Statement 1: The triangle HAC is a right-angled triangle.
2. Consider the lines (HF) and (DI).
Statement 2: The lines (HF) and (DI) are secant.
3. Consider a real number $\alpha$ belonging to the interval $] 0 ; \pi [$.
Consider the vector $\vec { u }$ with coordinates $\left( \begin{array} { c } \sin ( \alpha ) \\ \sin ( \pi - \alpha ) \\ \sin ( - \alpha ) \end{array} \right)$. Statement 3: The vector $\vec { u }$ is a normal vector to the plane (FAC).
4. The cube ABCDEFGH has 8 vertices. We are interested in the number $N$ of segments that can be constructed by connecting 2 distinct vertices of the cube. Statement 4: $N = \frac { 8 ^ { 2 } } { 2 }$.

For each of the following statements, indicate whether it is true or false. Justify each answer. An unjustified answer earns no points.
We equip space with an orthonormal coordinate system ( $\mathrm { O } ; \vec { \imath } , \vec { \jmath } , \vec { k }$ ).

1. We consider the points $\mathrm { A } ( - 1 ; 0 ; 5 )$ and $\mathrm { B } ( 3 ; 2 ; - 1 )$.
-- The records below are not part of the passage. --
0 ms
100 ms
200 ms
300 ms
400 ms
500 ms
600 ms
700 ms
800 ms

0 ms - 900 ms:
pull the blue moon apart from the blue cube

   Statement 1: A parametric representation of the line (AB) is $$\left\{ \begin{aligned} x & = 3 - 2 t \\ y & = 2 - t \text { with } t \in \mathbb { R } \\ z & = - 1 + 3 t \end{aligned} \right.$$
   Statement 2: The vector $\vec { n } \left( \begin{array} { c } 5 \\ - 2 \\ 1 \end{array} \right)$ is normal to the plane (OAB).
   
2. We consider:
   • the line $d$ with parametric representation $\left\{ \begin{aligned} x & = 15 + k \\ y & = 8 - k \\ z & = - 6 + 2 k \end{aligned} \right.$ with $k \in \mathbb { R }$;
   • the line $d ^ { \prime }$ with parametric representation $\left\{ \begin{array} { l } x = 1 + 4 s \\ y = 2 + 4 s \\ z = 1 - 6 s \end{array} \right.$ with $s \in \mathbb { R }$.
   
   Statement 3: The lines $d$ and $d ^ { \prime }$ are not coplanar.
   
3. We consider the plane $\mathscr { P }$ with equation $x - y + z + 1 = 0$.
   Statement 4: The distance from point $\mathrm { C } ( 2 ; - 1 ; 2 )$ to the plane $\mathscr { P }$ is equal to $2 \sqrt { 3 }$.
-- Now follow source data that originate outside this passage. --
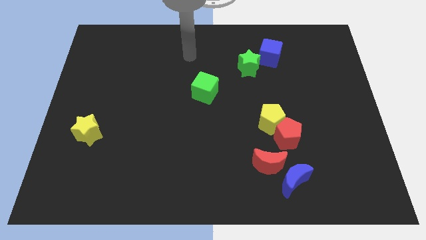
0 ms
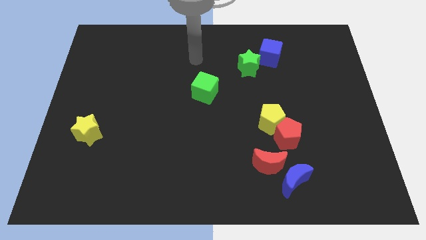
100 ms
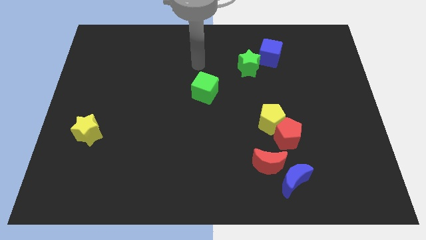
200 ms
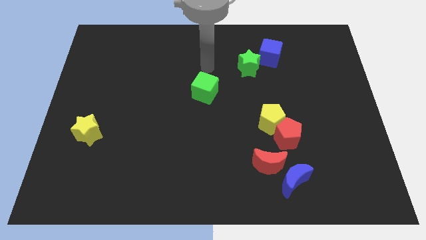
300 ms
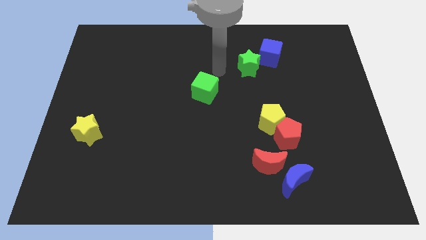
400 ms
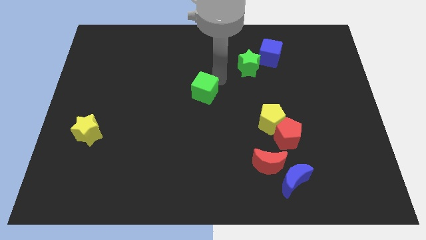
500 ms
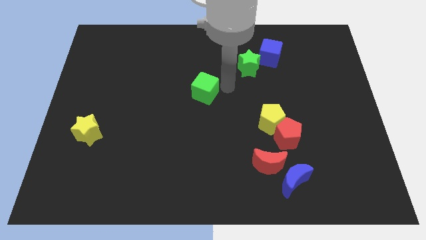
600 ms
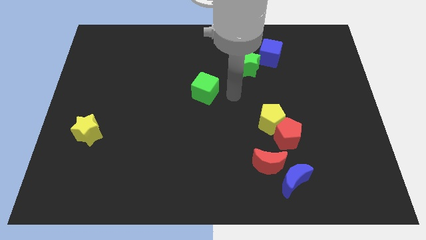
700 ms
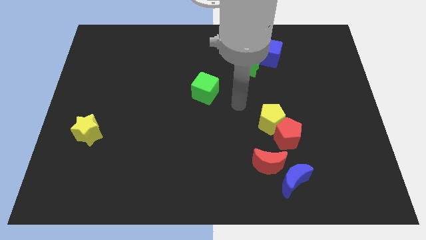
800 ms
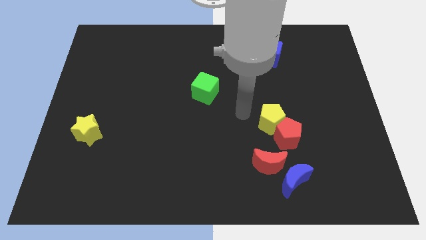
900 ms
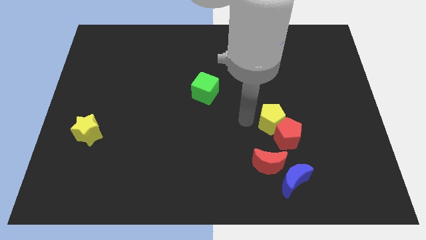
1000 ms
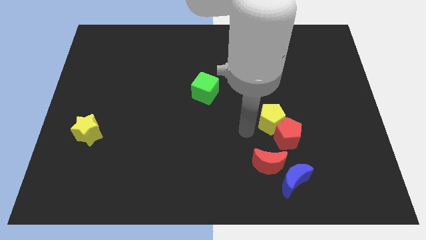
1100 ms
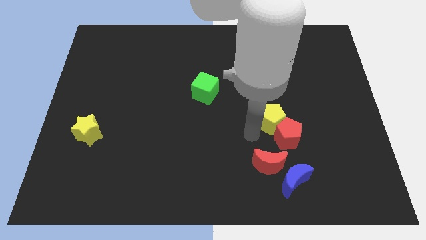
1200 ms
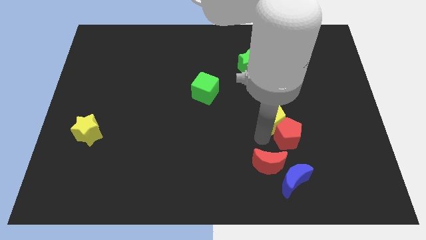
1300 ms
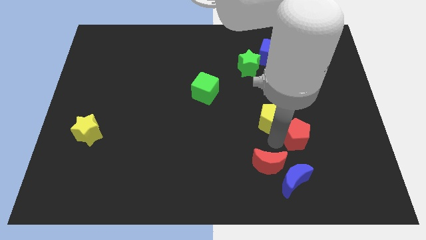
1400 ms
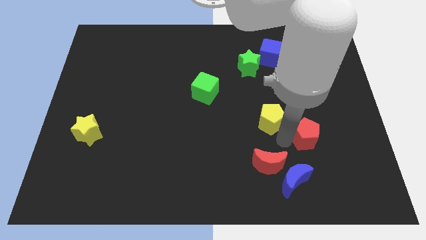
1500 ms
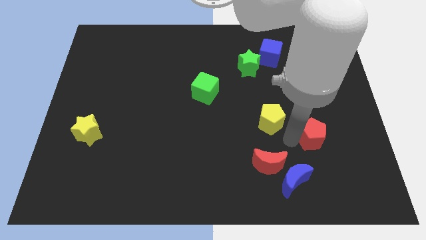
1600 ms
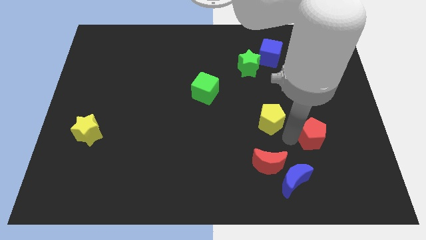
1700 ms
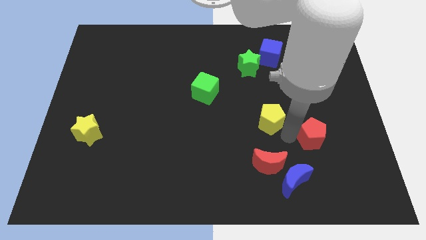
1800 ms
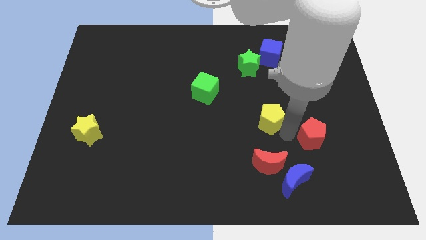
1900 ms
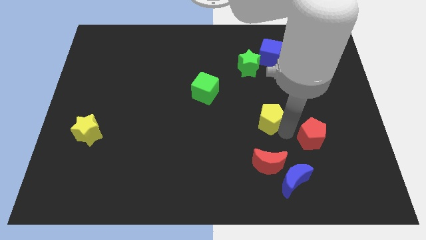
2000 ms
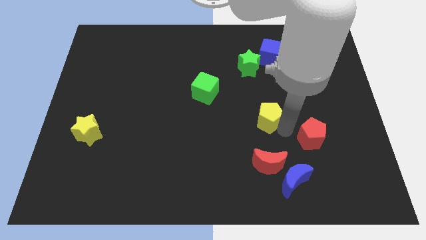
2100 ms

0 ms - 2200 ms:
separate the yellow pentagon from the red pentagon

For each of the following statements, indicate whether it is true or false. Each answer must be justified. An unjustified answer earns no points.

1. We consider the function $f$ defined on $]0; +\infty[$ by: $f(x) = x\ln(x)$.
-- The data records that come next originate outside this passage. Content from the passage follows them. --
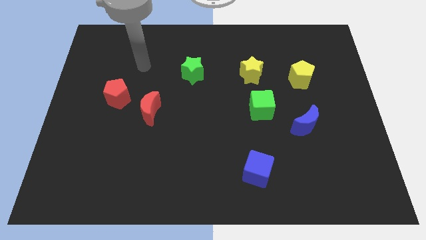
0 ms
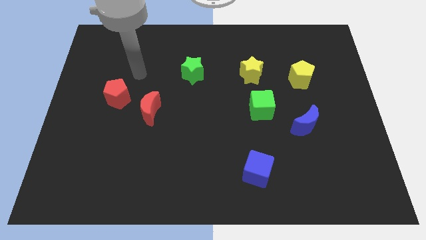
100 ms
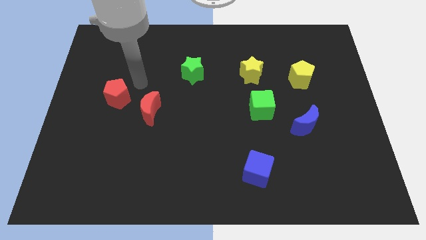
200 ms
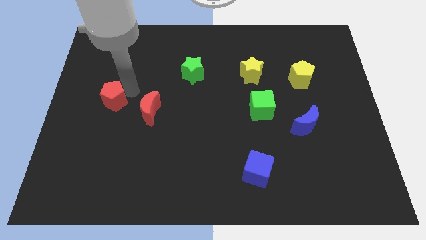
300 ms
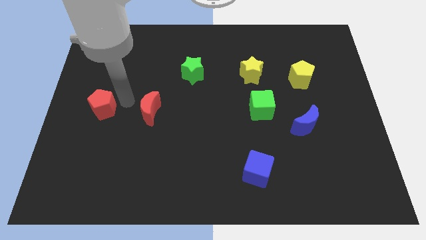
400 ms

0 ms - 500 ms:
move the red moon away from the red pentagon

   Statement 1: $$\int_1^{\mathrm{e}} f(x)\,\mathrm{d}x = \frac{\mathrm{e}^2 + 1}{4}$$
   
2. Let $n$ and $k$ be two non-zero natural integers such that $k \leqslant n$.
   Statement 2: $$n \times \binom{n-1}{k-1} = k \times \binom{n}{k}$$
   
3. For the three following statements, we consider that space is equipped with an orthonormal coordinate system $(\mathrm{O}; \vec{\imath}, \vec{\jmath}, \vec{k})$.
   Let $d$ be the line with parametric representation: $\left\{\begin{array}{rl} x &= t + 1 \\ y &= 2t + 1 \\ z &= -t \end{array}\right., t \in \mathbb{R}$. Let $d'$ be the line with parametric representation: $\left\{\begin{array}{rl} x &= 2t' - 1 \\ y &= -t' + 2 \\ z &= t' + 1 \end{array}\right., t' \in \mathbb{R}$. Let $P$ be the plane with Cartesian equation: $2x + y - 2z + 18 = 0$. Let A be the point with coordinates $(-1; -3; 2)$ and B be the point with coordinates $(-5; -5; 6)$. We call the perpendicular bisector plane of segment $[\mathrm{AB}]$ the plane passing through the midpoint of segment $[\mathrm{AB}]$ and perpendicular to the line $(\mathrm{AB})$.
   Statement 3: Point A belongs to line $d$. Statement 4: Lines $d$ and $d'$ are secant. Statement 5: Plane $P$ is the perpendicular bisector plane of segment $[\mathrm{AB}]$.